I would have to brush up quite a bit to speak knowledgeably about a number of details of various theories, but I found this “thinking out loud” valuable for myself, none-the-less. Perhaps it will be useful for others.

I] Preamble:
It has been pointed out that a fundamental challenge in the field of physics consists in understanding the meaning of the results of experiments on microscopic bodies. That is, experiments involving the microscopic, constituent parts of the “macroscopic” objects we perceive directly in the world around us.

As such, it is a challenge in integration, between the “indirect evidence” provided by the experiments (measurements and patterns observed in them) and the concepts we have of the world, obtained by a process of abstraction from direct, perceptual evidence.
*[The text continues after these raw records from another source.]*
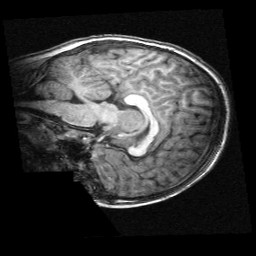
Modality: T1w
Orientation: sagittal
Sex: male
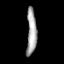
Tissue: prostate
Cell type: T cells
Senescence score: 0.3375
Nuclear area (px): 449
Mean DAPI intensity: 162.452
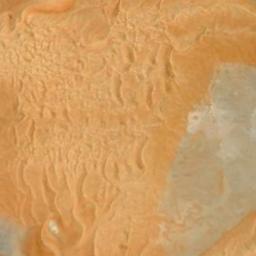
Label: desert
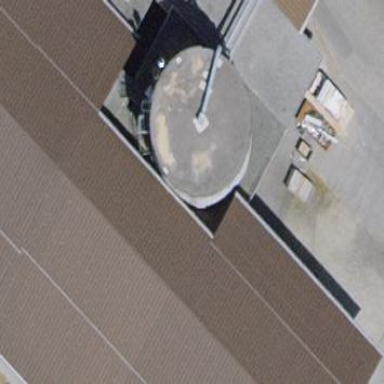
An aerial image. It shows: Building identified as silo.
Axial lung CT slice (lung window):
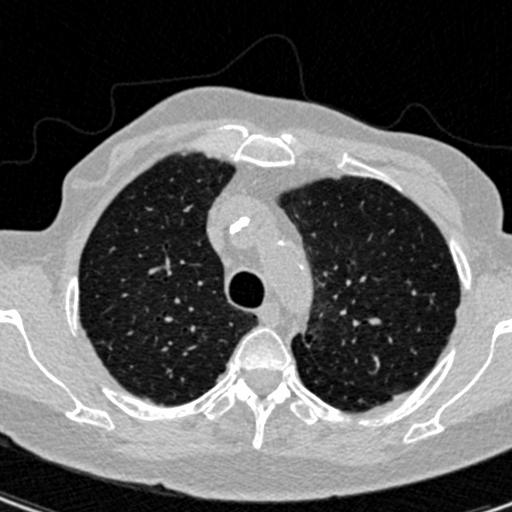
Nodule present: no
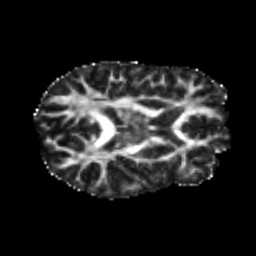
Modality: FA
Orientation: axial
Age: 20
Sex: female
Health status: healthy
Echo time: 0.074 s
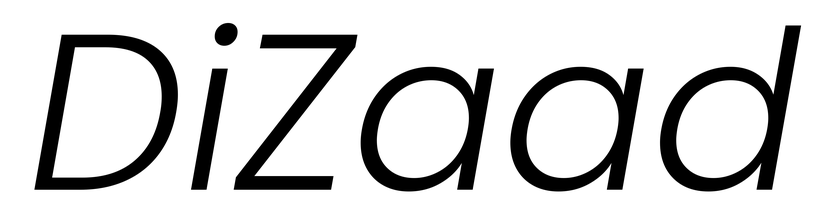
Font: Poppins-LightItalic
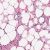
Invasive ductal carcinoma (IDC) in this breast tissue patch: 1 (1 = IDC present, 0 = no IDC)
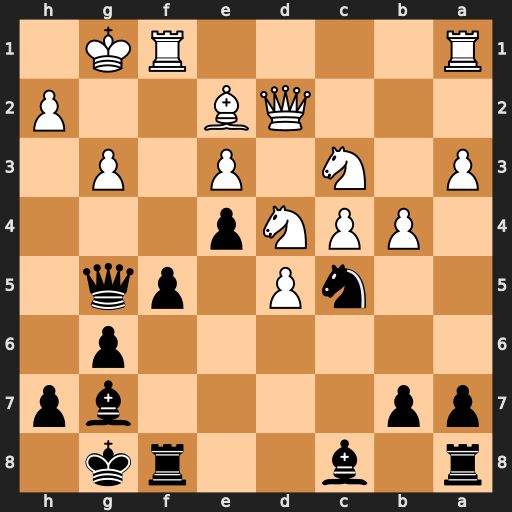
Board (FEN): r1b2rk1/pp4bp/6p1/2nP1pq1/1PPNp3/P1N1P1P1/3QB2P/R4RK1
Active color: b
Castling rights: -
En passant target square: -
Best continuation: Bxd4 Qxd4 Nb3 Nxe4 Nxd4 Nxg5 Nxe2+
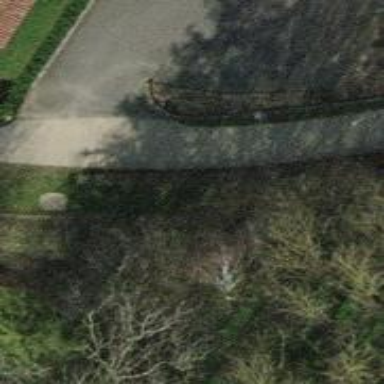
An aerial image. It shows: Footway.
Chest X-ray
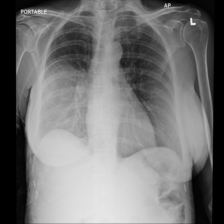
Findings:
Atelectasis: negative
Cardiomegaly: negative
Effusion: positive
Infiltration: negative
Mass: negative
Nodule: negative
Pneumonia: negative
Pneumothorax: negative
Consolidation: negative
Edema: negative
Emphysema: negative
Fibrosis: negative
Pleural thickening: negative
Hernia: negative
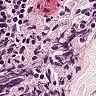
Metastatic tissue present: no
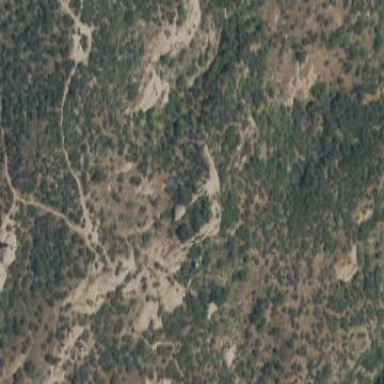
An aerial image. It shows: Landscape dominated by bare rock.
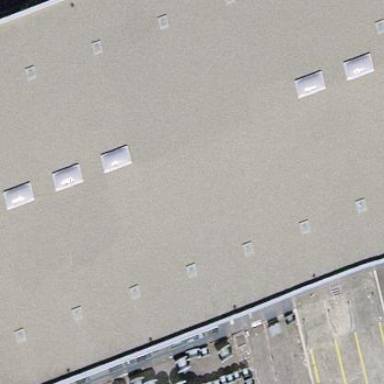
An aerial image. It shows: Industrial building.
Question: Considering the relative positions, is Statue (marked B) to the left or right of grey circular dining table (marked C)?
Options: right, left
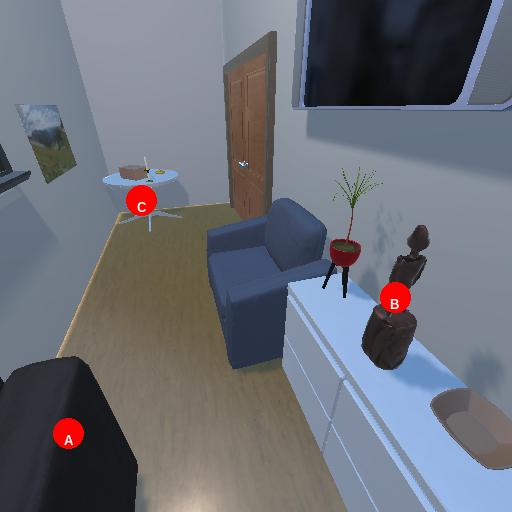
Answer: right
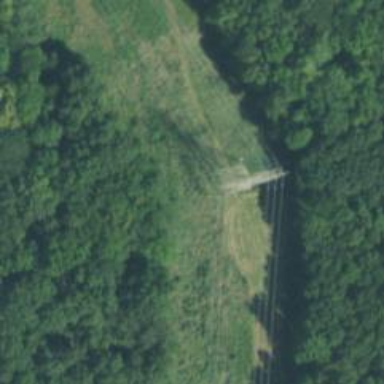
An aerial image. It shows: Lattice structure tower used for power transmission.

(Of course, not all physics involves experiments on microscopic bodies. But there is a tendency to assume that such experiments are more important than experiments on larger bodies. “Composed-of, therefore more fundamental” (or “smaller, therefore more because-of”) is an illicit assumption and a fallacy - and an aspect of the insidious prevalence of the “world was created from prior constituent parts” cosmology. We can not a priori state that the microscopic is more fundamental than the macroscopic, even in regard to the magnitude of forces and energies involved. For example, consider the phenomenon of stellar fusion and gravity as forces creating and impacting the largest stellar and interstellar formations).

To continue: we rely on experimental apparatus designed in such a way that there is a chain of cause-and-effect between a microscopic body or bodies and another microscopic body or bodies that are themselves parts of a complex larger entity, the experimental apparatus itself. (E.g, “Particles” and “detector”).
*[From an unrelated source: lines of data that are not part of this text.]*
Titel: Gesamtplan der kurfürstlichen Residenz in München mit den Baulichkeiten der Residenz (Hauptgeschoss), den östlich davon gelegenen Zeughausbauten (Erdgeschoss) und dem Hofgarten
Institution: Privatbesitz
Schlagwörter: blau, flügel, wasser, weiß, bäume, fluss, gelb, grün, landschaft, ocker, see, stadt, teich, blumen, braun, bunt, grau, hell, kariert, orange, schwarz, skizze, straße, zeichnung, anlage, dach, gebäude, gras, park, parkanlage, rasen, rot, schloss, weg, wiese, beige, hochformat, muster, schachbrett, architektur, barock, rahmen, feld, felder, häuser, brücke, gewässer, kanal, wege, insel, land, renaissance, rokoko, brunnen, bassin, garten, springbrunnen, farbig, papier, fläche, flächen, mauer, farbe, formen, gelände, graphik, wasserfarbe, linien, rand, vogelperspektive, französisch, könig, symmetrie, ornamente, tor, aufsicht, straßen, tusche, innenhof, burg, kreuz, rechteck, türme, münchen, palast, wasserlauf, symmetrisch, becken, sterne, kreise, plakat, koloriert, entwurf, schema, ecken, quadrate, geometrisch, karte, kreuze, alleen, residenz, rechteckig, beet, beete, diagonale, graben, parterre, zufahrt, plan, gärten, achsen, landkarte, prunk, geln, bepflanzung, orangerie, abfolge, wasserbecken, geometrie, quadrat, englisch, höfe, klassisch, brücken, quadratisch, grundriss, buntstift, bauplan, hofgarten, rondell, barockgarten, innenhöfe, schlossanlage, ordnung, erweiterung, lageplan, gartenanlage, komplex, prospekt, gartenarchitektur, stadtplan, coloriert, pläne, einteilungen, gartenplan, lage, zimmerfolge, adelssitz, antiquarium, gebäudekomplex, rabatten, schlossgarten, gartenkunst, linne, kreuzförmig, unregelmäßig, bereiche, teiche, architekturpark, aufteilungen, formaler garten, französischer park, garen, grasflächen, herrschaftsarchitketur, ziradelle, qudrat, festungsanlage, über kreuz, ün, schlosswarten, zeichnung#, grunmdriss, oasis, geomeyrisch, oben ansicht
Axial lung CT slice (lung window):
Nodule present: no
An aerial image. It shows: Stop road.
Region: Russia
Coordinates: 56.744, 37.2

We build these experimental apparatuses using concepts formed from our direct perceptual awareness of existence. Those concepts are implicit in every aspect of the design, conduct, and interpretation of the experiments.

There is an ubiquitous utilization of the concepts of the physical world that we began to form from childhood, throughout any discussion of physics as an advanced science. The validity of those “prior” concepts are grounded in the perceptual observation of a lifetime, and are what we begin with and use throughout our systematic study of physics.

All of this may seem obvious. But it also represents a necessary “preamble” chewing for me to maintain the whole of the topic in view.

“Realists” in physics are those who constantly make an effort to integrate the prior conceptual framework derived from direct perception with the newer, indirect evidence provided by experiment, and to never permit a breach or contradiction between the two. Objectivist physicists, aware of a valid metaphysics and epistemology, do not expect new knowledge qua knowledge to contradict old knowledge.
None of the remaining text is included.